▶ _Extracted data entries_

---------------

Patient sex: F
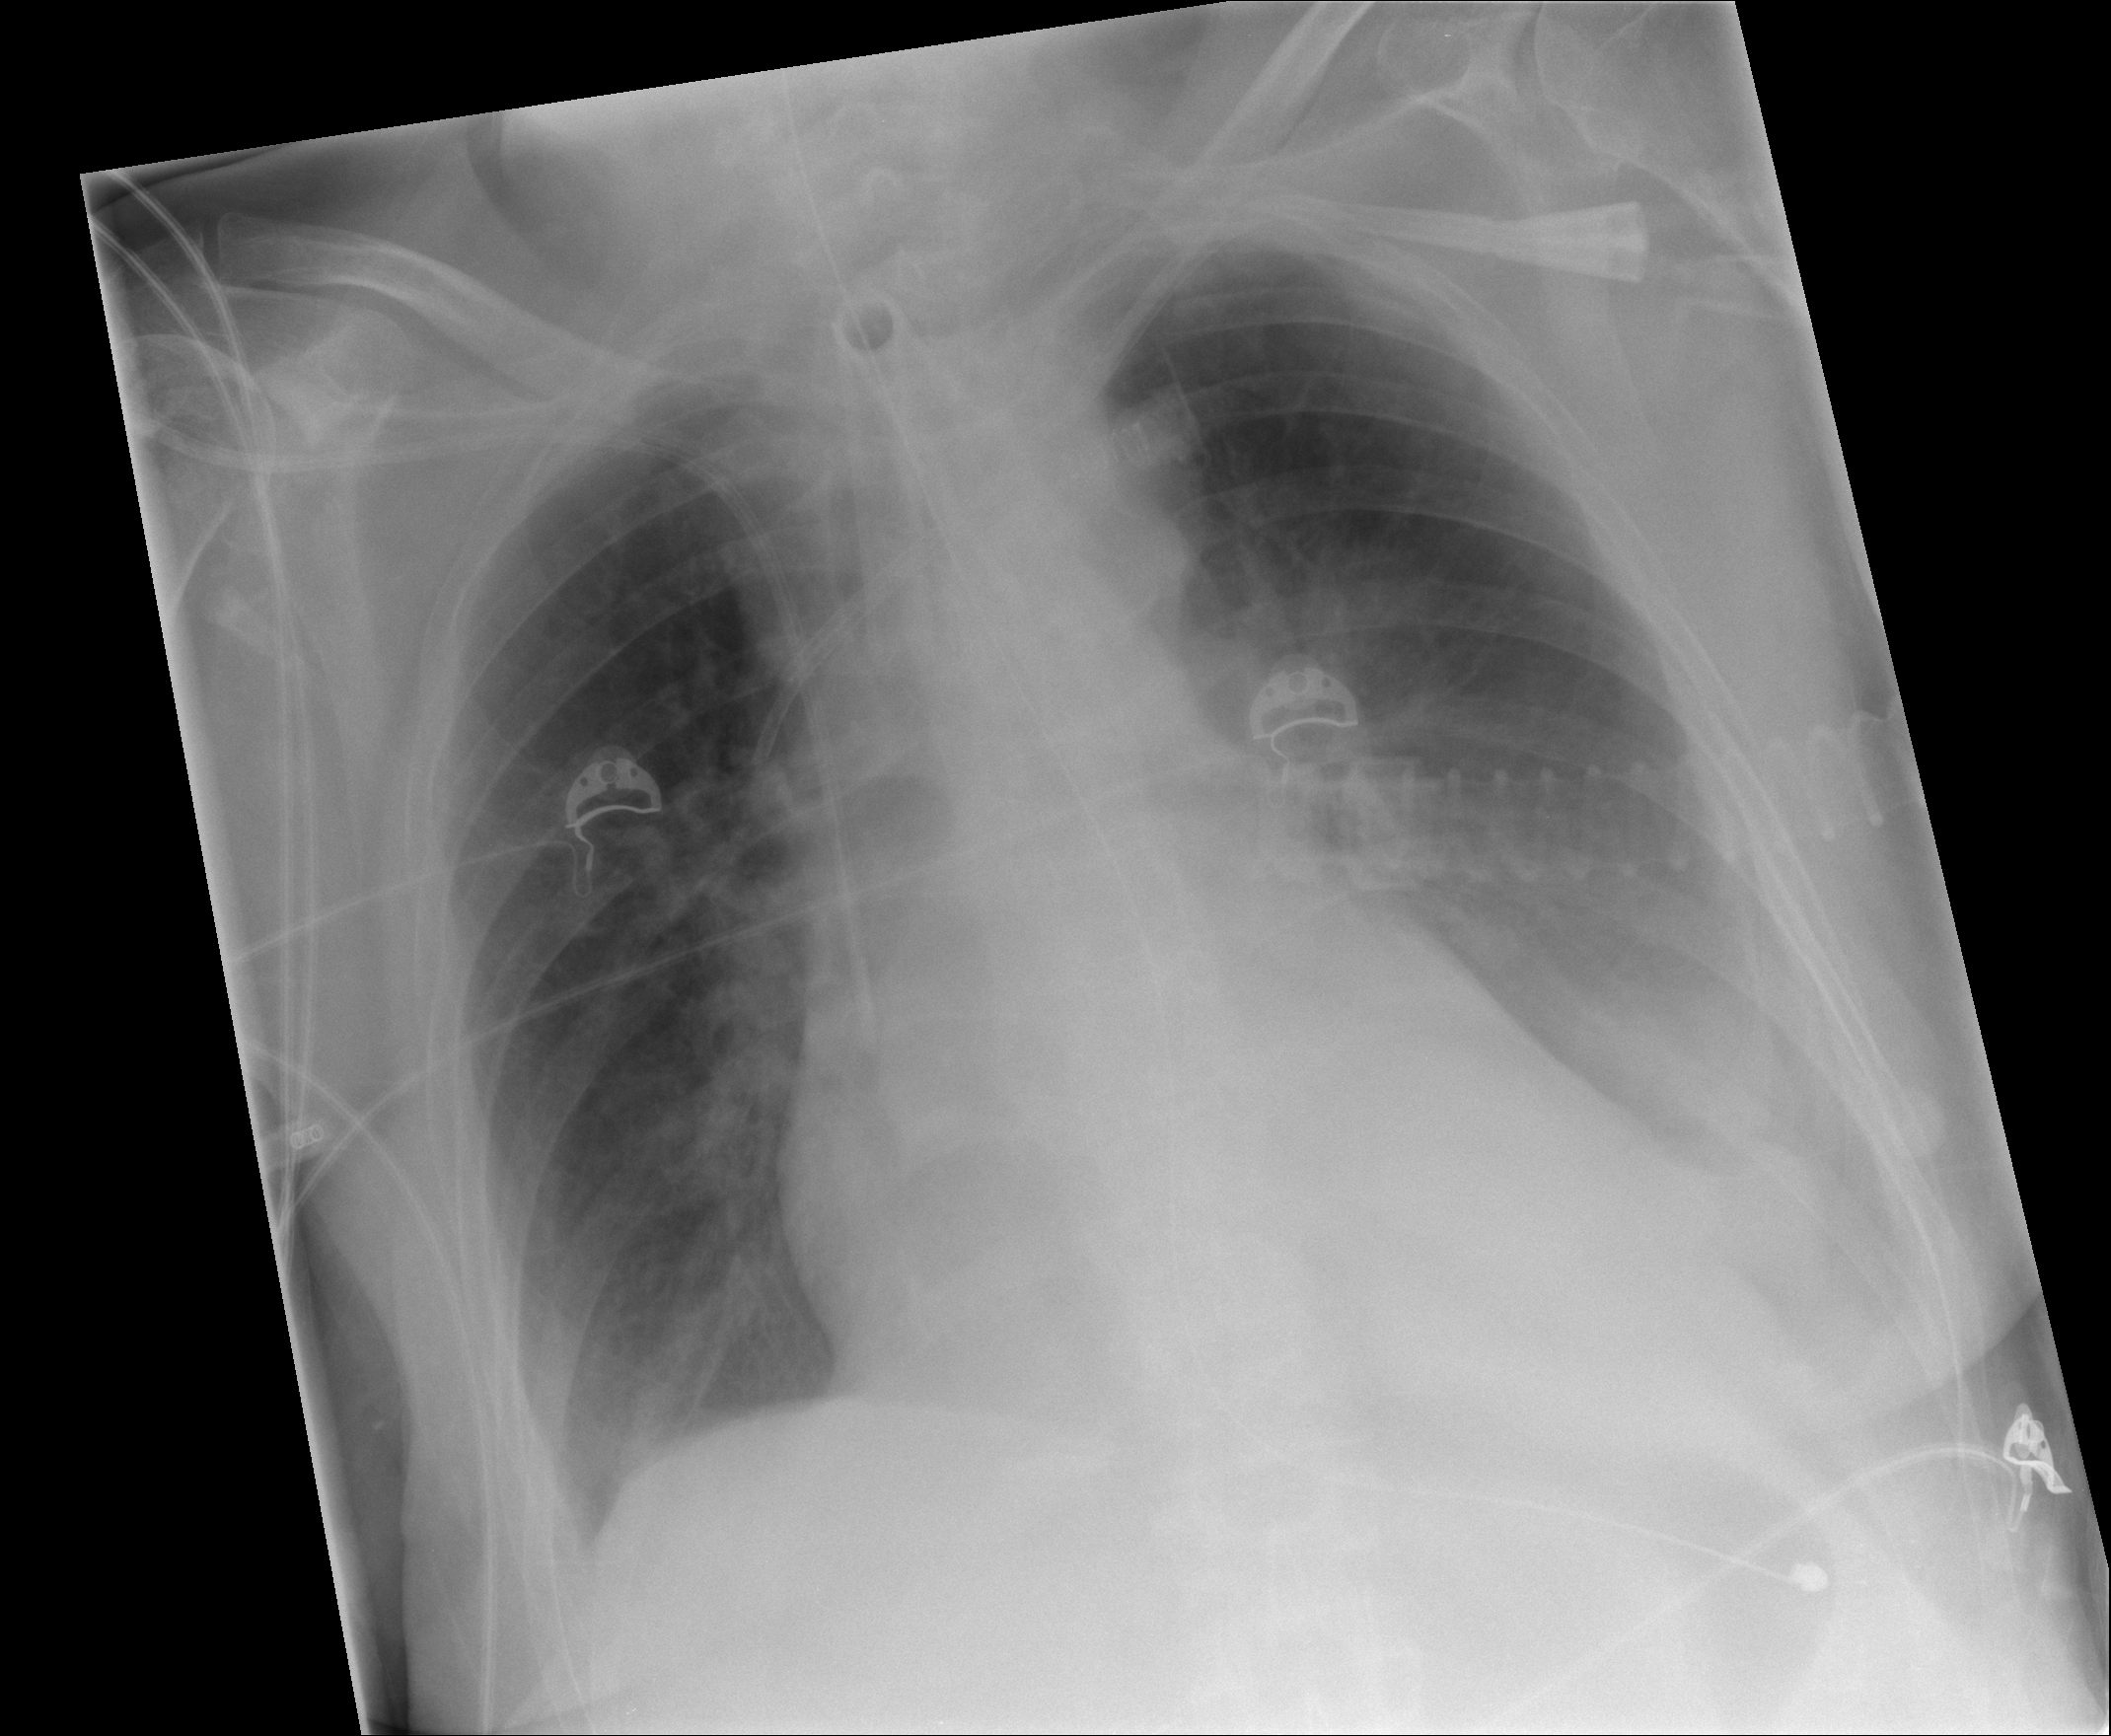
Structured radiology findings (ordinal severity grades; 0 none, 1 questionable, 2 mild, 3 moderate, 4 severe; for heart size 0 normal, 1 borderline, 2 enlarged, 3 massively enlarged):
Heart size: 1
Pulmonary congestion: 0
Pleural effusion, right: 0
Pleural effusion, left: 2
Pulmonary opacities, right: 0
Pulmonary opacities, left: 0
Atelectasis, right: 0
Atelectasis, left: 2
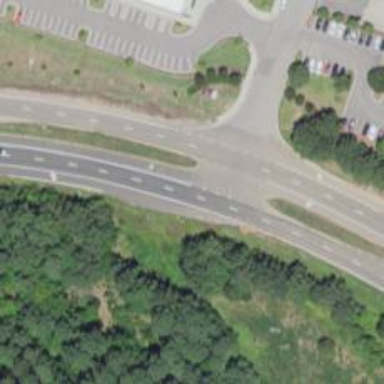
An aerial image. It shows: Asphalt road classified as secondary expressway.
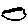
Label: cloud
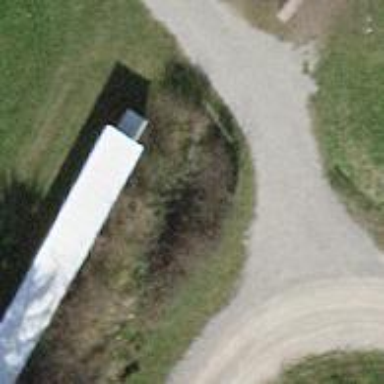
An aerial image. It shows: Culvert tunnel.
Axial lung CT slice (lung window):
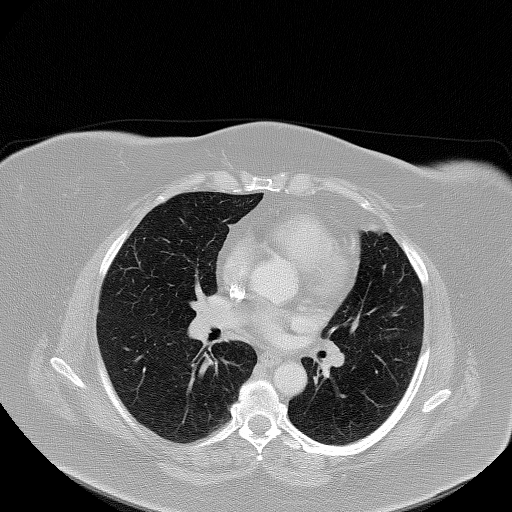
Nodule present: no
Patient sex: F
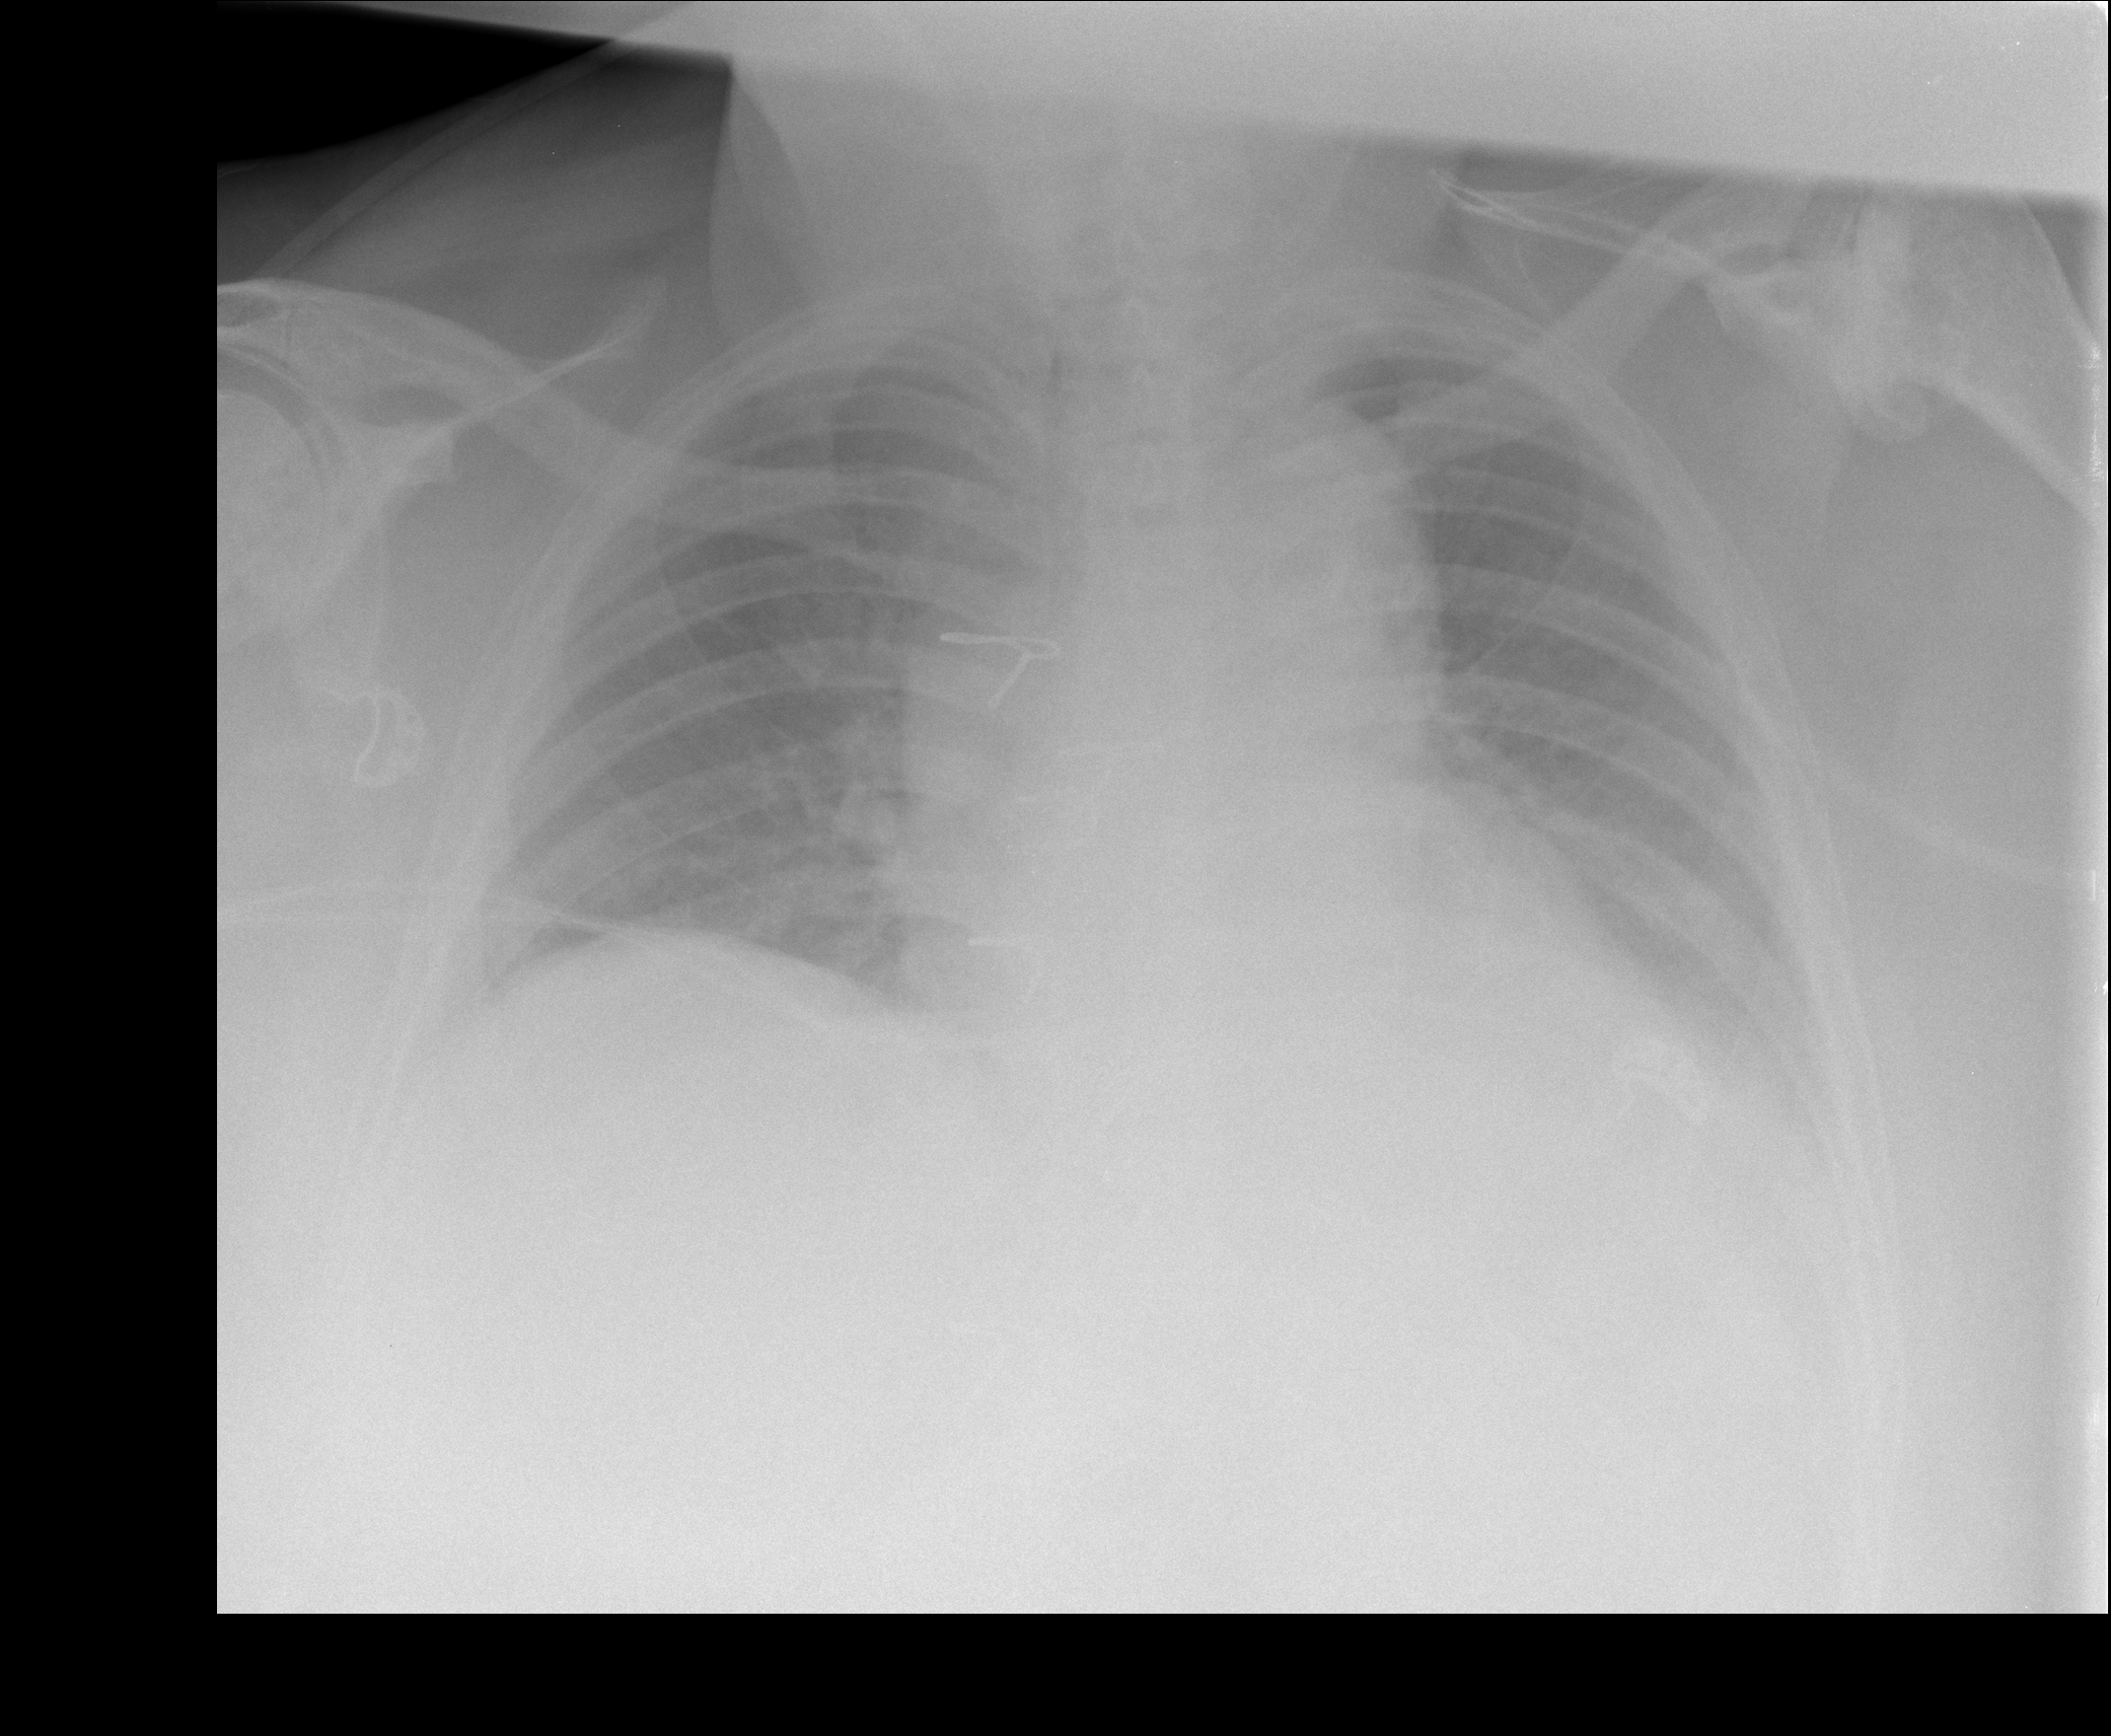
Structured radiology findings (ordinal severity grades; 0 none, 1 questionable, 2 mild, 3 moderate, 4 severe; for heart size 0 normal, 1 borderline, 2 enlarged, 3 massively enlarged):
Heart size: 2
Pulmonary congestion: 2
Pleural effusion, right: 1
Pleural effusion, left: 2
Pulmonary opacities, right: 0
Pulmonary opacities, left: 0
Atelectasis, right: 0
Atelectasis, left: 2
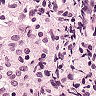
Metastatic tissue present: no
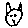
Label: cat
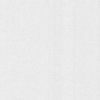
Label: dusty
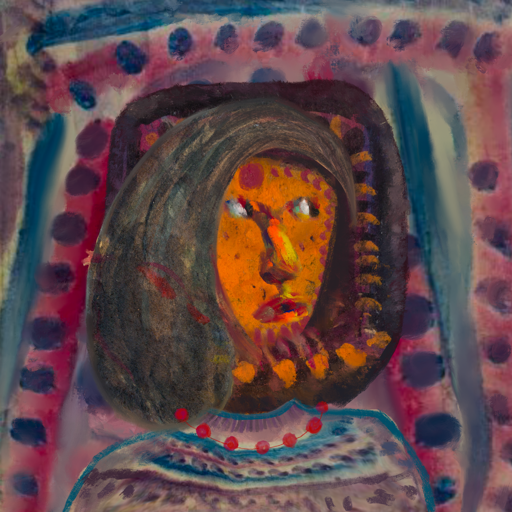
Background: HillGirl, Head And Neck Side: Doll_w_Hair, Face Side: An_Impression, Bust: HillGirl, Hair Side: Gypsy_Mother, Head Accessory: Blank, Second Necklace: Blank, Necklace: Irani_3, Baby: Blank
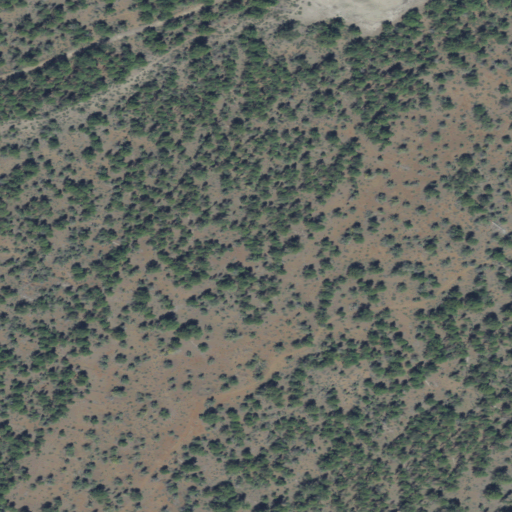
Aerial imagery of plain(s) in Oregon named Sage Flat containing evergreen forest and shrub
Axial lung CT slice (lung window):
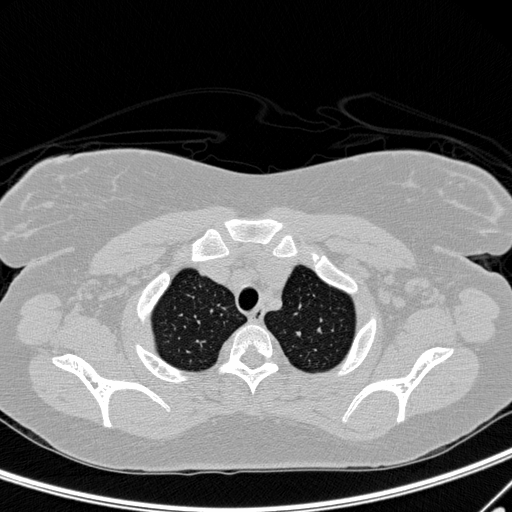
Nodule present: no

---------------

Return all the records exactly. Skip the pictures.

Patient sex: F
Structured radiology findings (ordinal severity grades; 0 none, 1 questionable, 2 mild, 3 moderate, 4 severe; for heart size 0 normal, 1 borderline, 2 enlarged, 3 massively enlarged):
Heart size: 1
Pulmonary congestion: 0
Pleural effusion, right: 0
Pleural effusion, left: 2
Pulmonary opacities, right: 0
Pulmonary opacities, left: 0
Atelectasis, right: 0
Atelectasis, left: 2
An aerial image. It shows: Asphalt road classified as secondary expressway.
Label: cloud
An aerial image. It shows: Culvert tunnel.
Axial lung CT slice (lung window):
Nodule present: no
Patient sex: F
Structured radiology findings (ordinal severity grades; 0 none, 1 questionable, 2 mild, 3 moderate, 4 severe; for heart size 0 normal, 1 borderline, 2 enlarged, 3 massively enlarged):
Heart size: 2
Pulmonary congestion: 2
Pleural effusion, right: 1
Pleural effusion, left: 2
Pulmonary opacities, right: 0
Pulmonary opacities, left: 0
Atelectasis, right: 0
Atelectasis, left: 2
Metastatic tissue present: no
Label: cat
Label: dusty
Background: HillGirl, Head And Neck Side: Doll_w_Hair, Face Side: An_Impression, Bust: HillGirl, Hair Side: Gypsy_Mother, Head Accessory: Blank, Second Necklace: Blank, Necklace: Irani_3, Baby: Blank
Aerial imagery of plain(s) in Oregon named Sage Flat containing evergreen forest and shrub
Axial lung CT slice (lung window):
Nodule present: no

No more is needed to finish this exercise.